Y2038 Problem: Many Unix systems represent time as a signed 32-bit count of the number of seconds since 1 January 1970, and will run out on 19 January 2038.
Y292,277,026,596 Problem: Systems that use the Unix scheme with a 64-bit count will overflow. This sounds far away, but note that problems may occur in years preceding, e.g., retirement calculations or long-term mortgages may need to project beyond that date.

Detecting Timer Overflow

How will you know a timer overflow occurred? It’s a tricky problem.

Before Runtime

Analytic: When you set a starting point for your timer, a time interval, and a fixed counter size, you’ve effectively decided the maximum time you can represent. Can your system run into these limits?
Hardware Review and Code Review: Systematic human review, from a time management perspective, may be able to identify whether a timer can (or will be) properly managed, or at least identify that it is not.
Tools: Compilers, linters, and special-purpose tools may be able to identify code that (potentially) doesn’t handle timer overflow.

Built-In Detection

Detection isn’t the whole story; you also need to address the problem.

Exceptions: Some languages or hardware provide an exception when an overflow occurs for signed and/or unsigned values.
Flags – Timer overflow, arithmetic overflow, or carry: Many processors can detect when incrementing or adding to a value pushes it out of range.
Timer Overflow Interrupt: Some systems (e.g., Arduino) provide an interrupt when a timer overflows, where you can install a handler to detect and address it.
Check for Wrapping: In some languages, you can tell when a timer has wrapped because the value decreases instead of increases. This may require that you don’t wait too long between checking values – if it could wrap twice, or wrap beyond the previous value, you won’t be able to tell.

Run-Time Detection

Soak Test: Run the system at load for a “long” period of time, hopefully long enough to give any timer-related problems long enough to reveal themselves.
Debug Crashes, esp. “Cyclic” Crashes: When a failure or crash occurs “randomly”, it’s worth trying to see if it is really occurring a consistent amount of time after some event. For example, if the app consistently crashes 18.2 hours after it starts, you might look for a 16-bit counter of seconds.

Solutions

Timer Scaling: Some systems let you explicitly control the interval. For example, you can choose whether your timer has a one-millisecond or a one-second “tick”. You may be able to modify the design to deal with a larger tick (thus increasing the time before the timer runs out).

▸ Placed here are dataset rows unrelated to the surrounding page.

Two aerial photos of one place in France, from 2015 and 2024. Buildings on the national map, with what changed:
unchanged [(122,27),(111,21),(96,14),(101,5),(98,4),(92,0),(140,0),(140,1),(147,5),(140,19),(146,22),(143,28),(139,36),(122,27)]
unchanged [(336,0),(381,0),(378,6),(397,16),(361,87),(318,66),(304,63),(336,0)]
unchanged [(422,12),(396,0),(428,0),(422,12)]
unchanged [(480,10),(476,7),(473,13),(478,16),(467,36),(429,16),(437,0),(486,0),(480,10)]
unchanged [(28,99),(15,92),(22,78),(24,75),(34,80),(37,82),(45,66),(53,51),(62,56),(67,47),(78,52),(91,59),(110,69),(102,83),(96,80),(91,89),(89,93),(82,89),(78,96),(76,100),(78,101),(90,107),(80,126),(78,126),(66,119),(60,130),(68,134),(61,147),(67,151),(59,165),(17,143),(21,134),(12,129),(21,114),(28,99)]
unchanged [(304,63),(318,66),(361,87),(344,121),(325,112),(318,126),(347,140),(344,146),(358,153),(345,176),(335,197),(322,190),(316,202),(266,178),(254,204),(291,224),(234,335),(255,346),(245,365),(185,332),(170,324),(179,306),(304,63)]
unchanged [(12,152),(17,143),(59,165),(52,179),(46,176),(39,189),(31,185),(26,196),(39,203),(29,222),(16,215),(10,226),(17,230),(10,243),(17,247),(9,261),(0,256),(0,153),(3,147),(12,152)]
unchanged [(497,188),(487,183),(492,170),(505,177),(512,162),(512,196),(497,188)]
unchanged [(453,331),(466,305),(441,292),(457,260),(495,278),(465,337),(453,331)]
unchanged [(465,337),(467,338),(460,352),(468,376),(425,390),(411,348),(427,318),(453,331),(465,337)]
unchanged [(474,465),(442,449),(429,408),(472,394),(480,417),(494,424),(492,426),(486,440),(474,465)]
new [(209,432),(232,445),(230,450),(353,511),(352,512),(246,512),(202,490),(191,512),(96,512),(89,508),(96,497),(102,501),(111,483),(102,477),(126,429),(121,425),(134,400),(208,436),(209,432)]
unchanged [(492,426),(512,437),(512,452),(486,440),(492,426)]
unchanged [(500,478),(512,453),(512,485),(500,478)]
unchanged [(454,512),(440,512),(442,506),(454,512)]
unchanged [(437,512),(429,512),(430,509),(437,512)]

Timer Extension: Keep a second (or beyond) counter, incremented when the first overflows. Think of it as a “carry”. You still have to decide where this extra space lives and how it’s managed. And you may have extra synchronization problems. (See Lamport article in the references.)

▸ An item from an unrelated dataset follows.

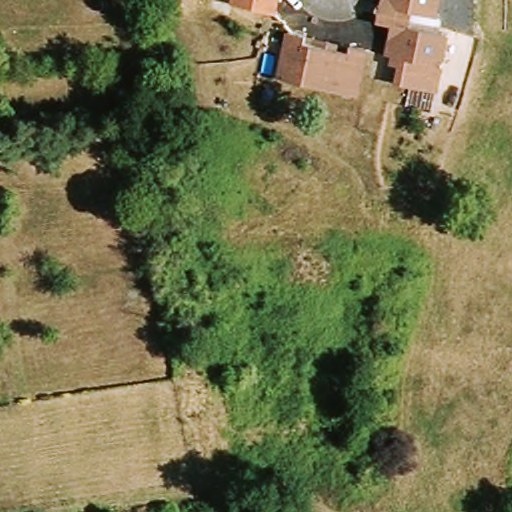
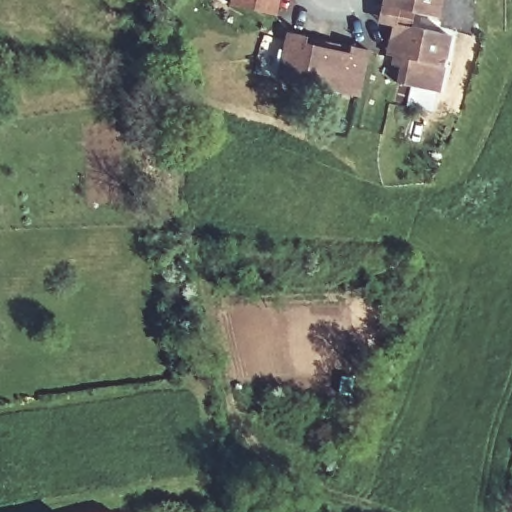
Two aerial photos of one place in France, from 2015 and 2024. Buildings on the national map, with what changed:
unchanged [(272,14),(227,5),(229,0),(275,0),(272,14)]
unchanged [(435,15),(380,4),(381,0),(438,0),(435,15)]
unchanged [(450,33),(440,90),(402,84),(407,55),(393,53),(397,25),(450,33)]
unchanged [(279,85),(287,30),(364,44),(360,82),(320,75),(317,92),(279,85)]

Timer Expansion: Get a bigger boat: use a counter with more bits. Note that this can cause legacy problems: input, storage, output, APIs, cross-system compatibility, etc.

Change the Starting Point: Use a later starting point to give you a later rollover time. For example, you were thinking of using Unix’ 1-Jan-1970 “epoch”, but your system deploys in 2020 or later, so you use 1-Jan-2020 instead. (Note that this is asking for trouble if you have to interact with 1970-based dates.)

Timer Conversion Charts

“𝛑 seconds is a nanocentury.” – Tom Duff (from More Programming Pearls)

Since time is measured in a mix of base-10 and base-60 values, with a few 12s and 24s thrown in, it’s hard to relate a time that’s a power of 2 or power of 10 bigger. These charts help you do that: you can easily see that a 16-bit count of seconds is 18.2 hours, but a 32-bit count is 136.2 years.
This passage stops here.